22 Preparing the Database for Oracle GoldenGate — CDC Capture

Learn how to enable supplemental logging in the source database tables that are to be used for capture by the Extract for SQL Server and how to purge older CDC staging data.

You can learn more about CDC Capture with this Oracle By Example:

Using the Oracle GoldenGate for SQL Server CDC Capture Replication http://www.oracle.com/webfolder/technetwork/tutorials/obe/fmw/goldengate/12c/sql_cdcrep/sql_cdcrep.html.

Topics:

Enabling CDC Supplemental Logging

With the CDC Extract, the method of capturing change data is via SQL Server Change Data Capture tables, so it is imperative that you follow the procedures and requirements below, so that change data is correctly logged, maintained, and captured by Extract.

You will enable supplemental logging with the ADD TRANDATA command so that Extract can capture the information that is required to reconstruct transactions.

ADD TRANDATA must be issued for all tables that are to be captured by Oracle GoldenGate, and to do so requires that a valid schema be used in order to create the necessary Oracle GoldenGate tables and stored procedures.
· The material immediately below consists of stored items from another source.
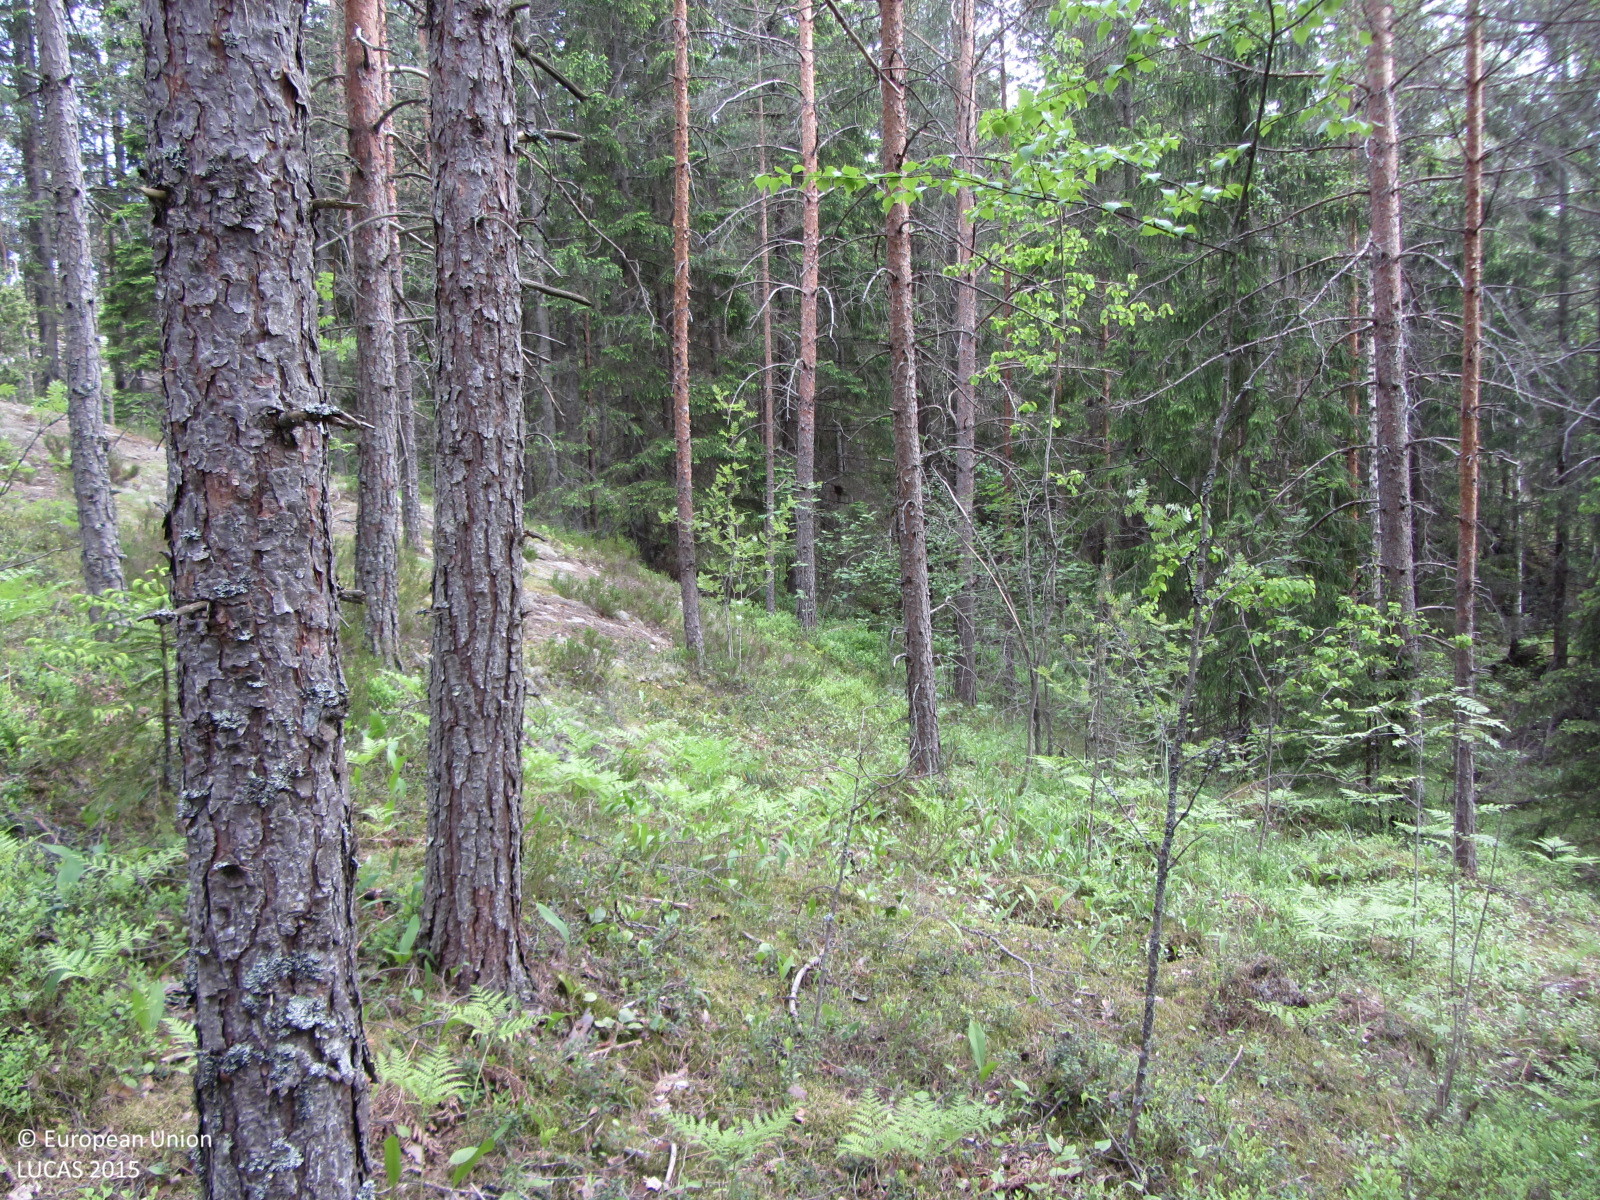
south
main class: Woodland
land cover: Pine dominated mixed woodland
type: boreal forest
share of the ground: > 75 %
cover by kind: coniferous forest trees 55 %, broadleaved forest trees 20 %, herbaceous plants 10 %, lichens and mosses 10 %, shrubs 5 %
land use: Semi-natural and natural areas not in use
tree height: > 5 m
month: June
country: FI
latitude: 60.2960
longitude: 24.6017
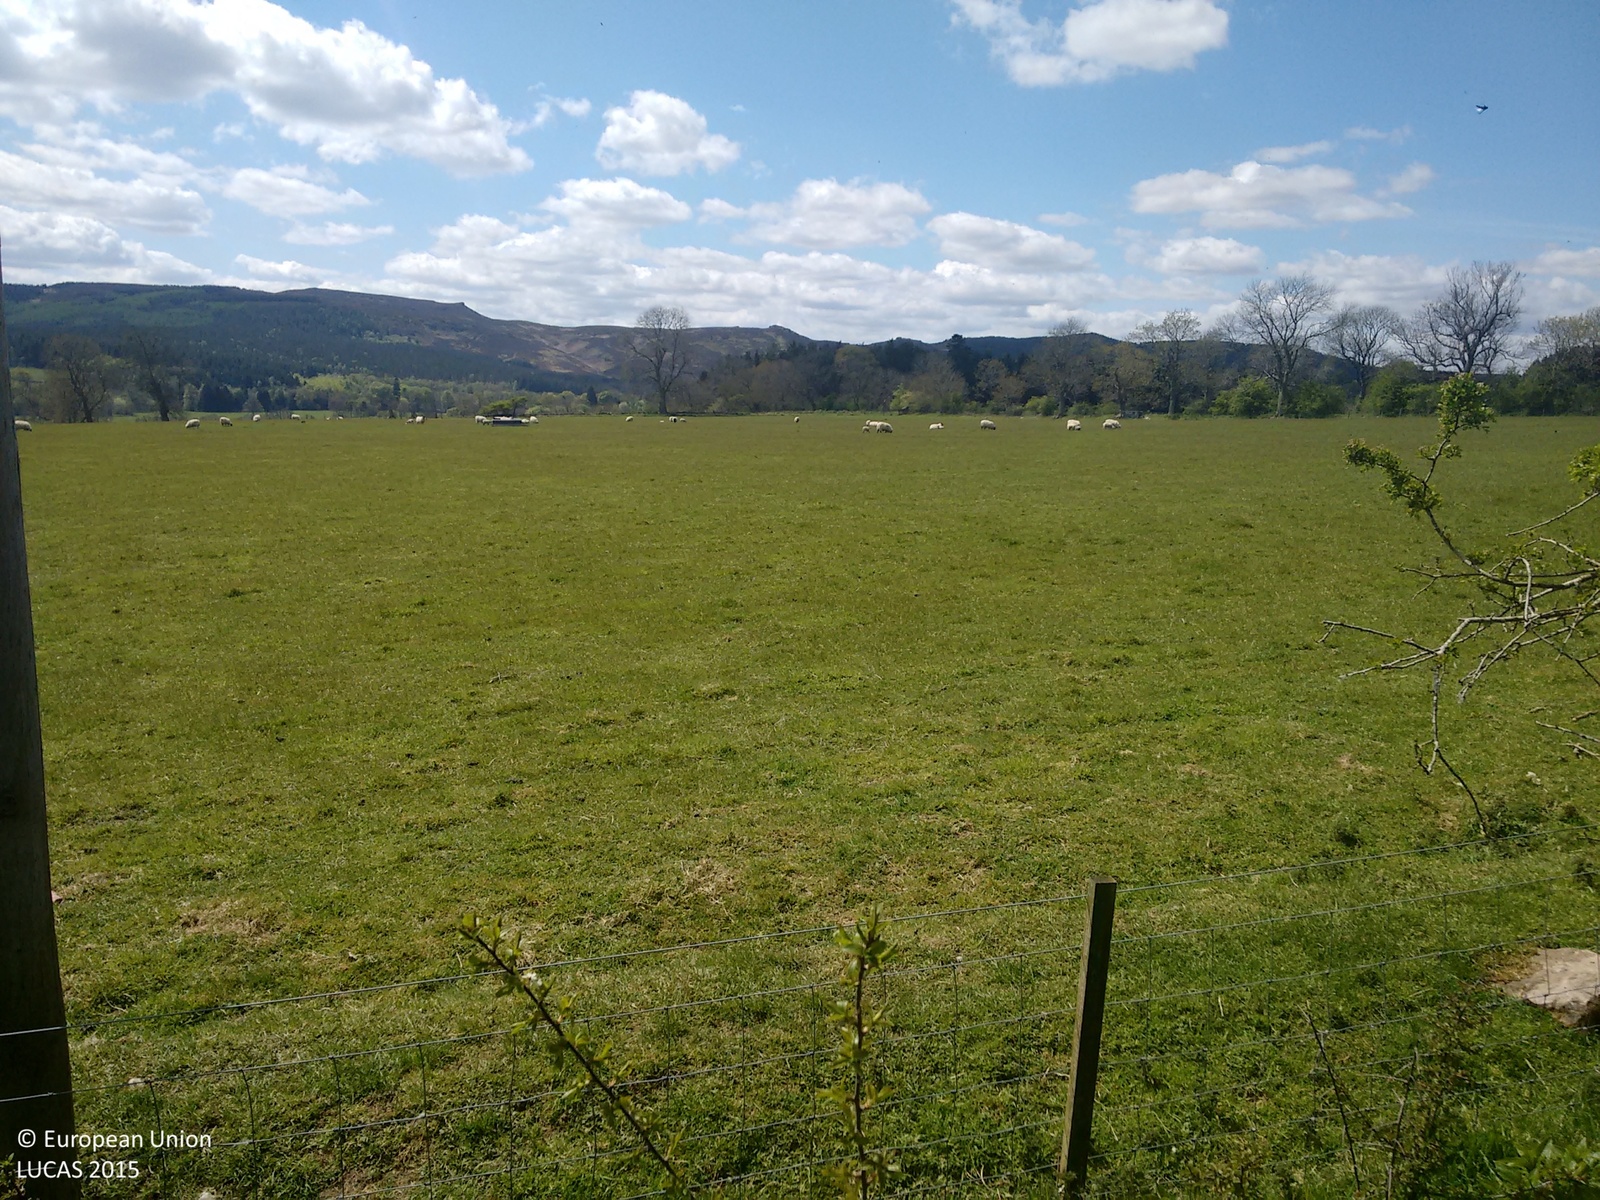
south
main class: Woodland
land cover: Broadleaved woodland
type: acidophilous oak and oak-birch forest
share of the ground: > 75 %
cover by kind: broadleaved forest trees 100 %
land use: Agriculture (excluding fallow land and kitchen gardens)
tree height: > 5 m
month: May
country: GB
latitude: 55.3410
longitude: -2.0852
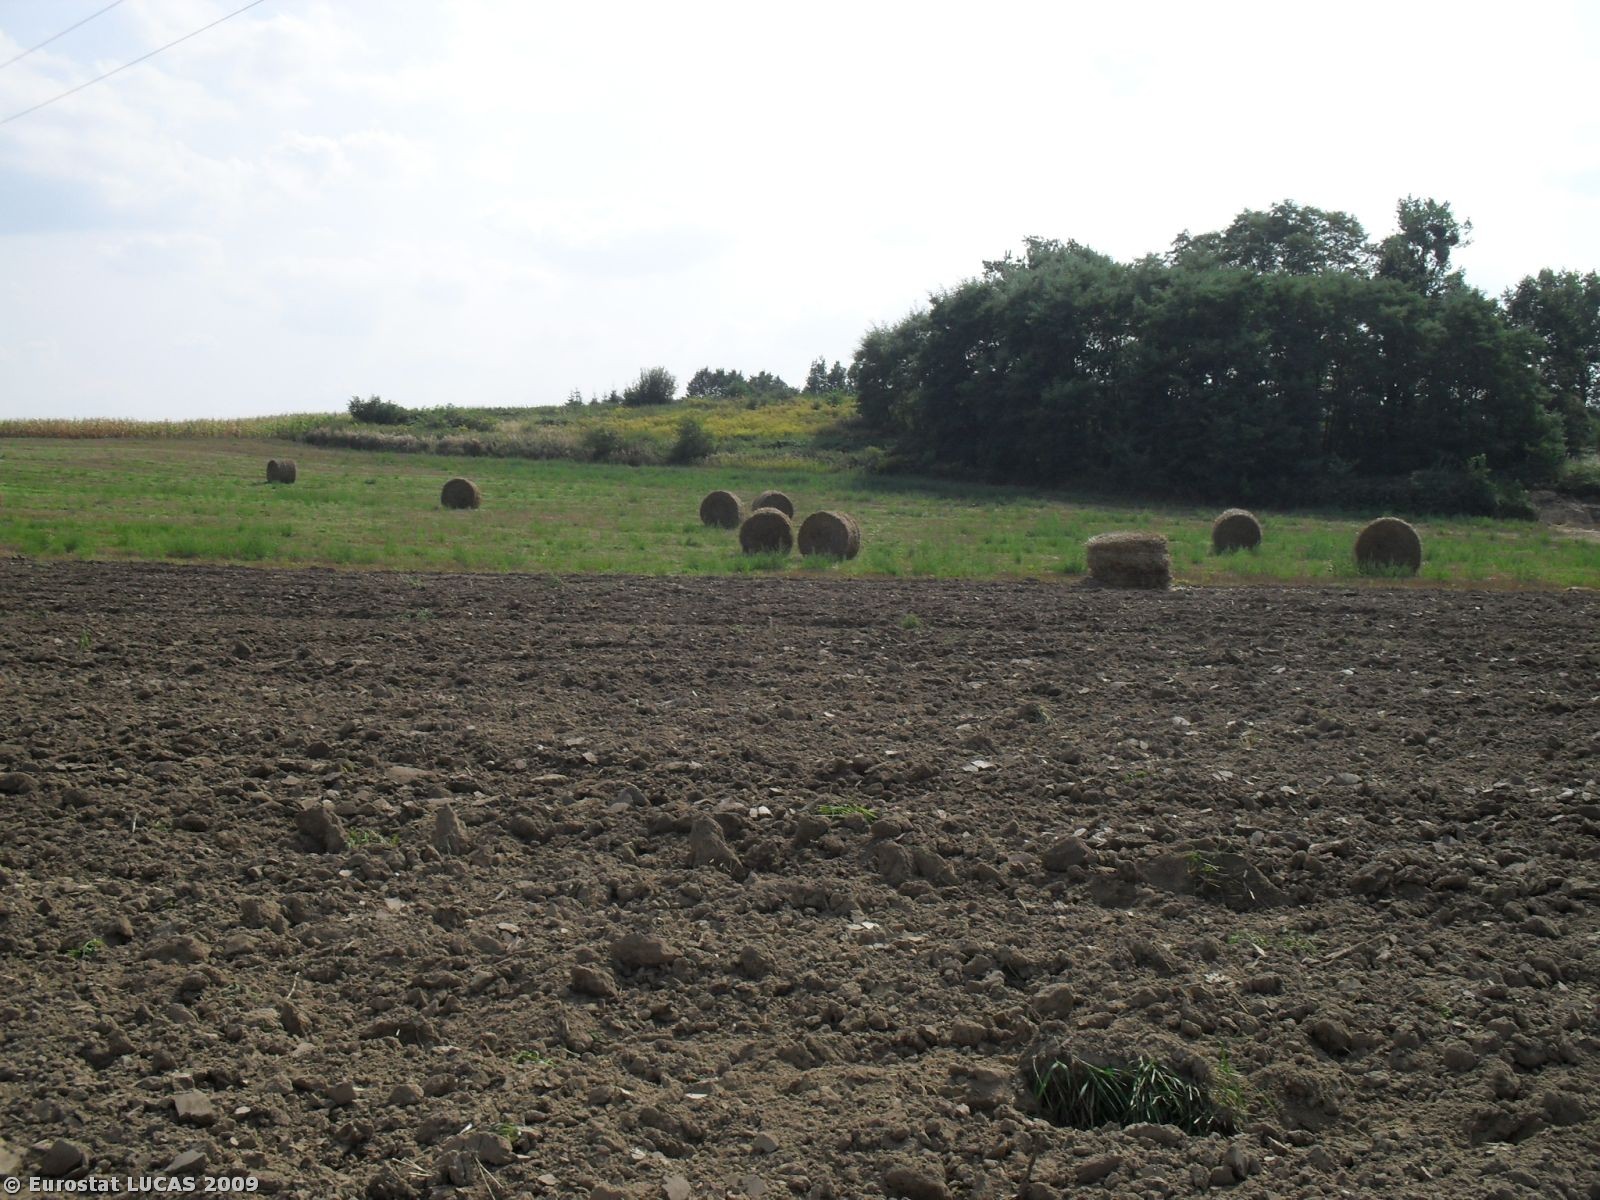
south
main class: Cropland
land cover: Common wheat
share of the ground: < 10 %
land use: Agriculture (excluding fallow land and kitchen gardens)
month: September
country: PL
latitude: 50.5633
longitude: 17.3102
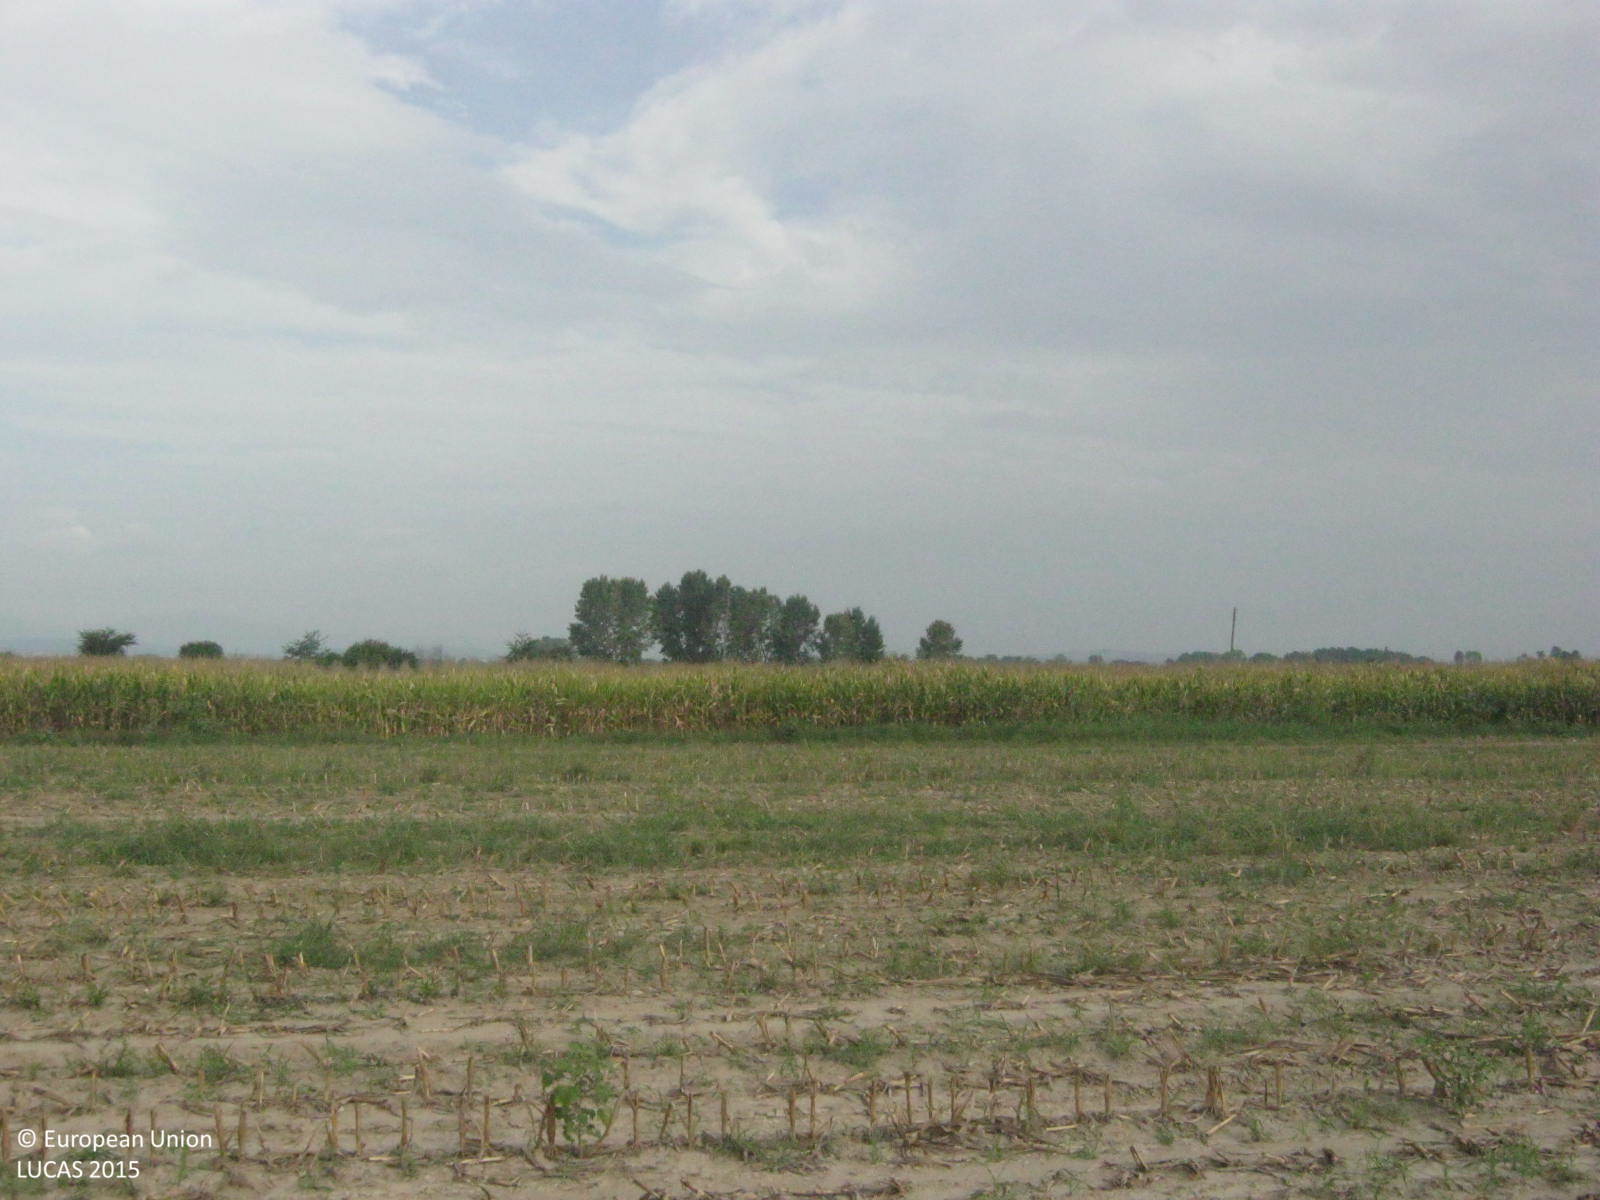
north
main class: Cropland
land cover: Maize
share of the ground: > 75 %
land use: Agriculture (excluding fallow land and kitchen gardens)
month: September
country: GR
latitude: 40.9343
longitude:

Enabling supplemental logging for a CDC Extract does the following:

  • Enables SQL Server Change Data Capture at the database level, if it’s not already enabled.

    • EXECUTE sys.sp_cdc_enable_db

  • Creates a Change Data Capture staging table for each base table enabled with supplemental logging by running EXECUTE sys.sp_cdc_enable_table, and creates a trigger for each CDC table. The CDC table exists as part of the system tables within the database and has a naming convention like, cdc.OracleGG_basetableobjectid_CT.

  • Creates a tracking table of naming convention schema.OracleGGTranTables. This table is used to store transaction indicators for the CDC tables, and is populated when the trigger for a CDC table is fired. The table will be owned by the schema listed in the GLOBALS file’s, GGSCHEMA parameter.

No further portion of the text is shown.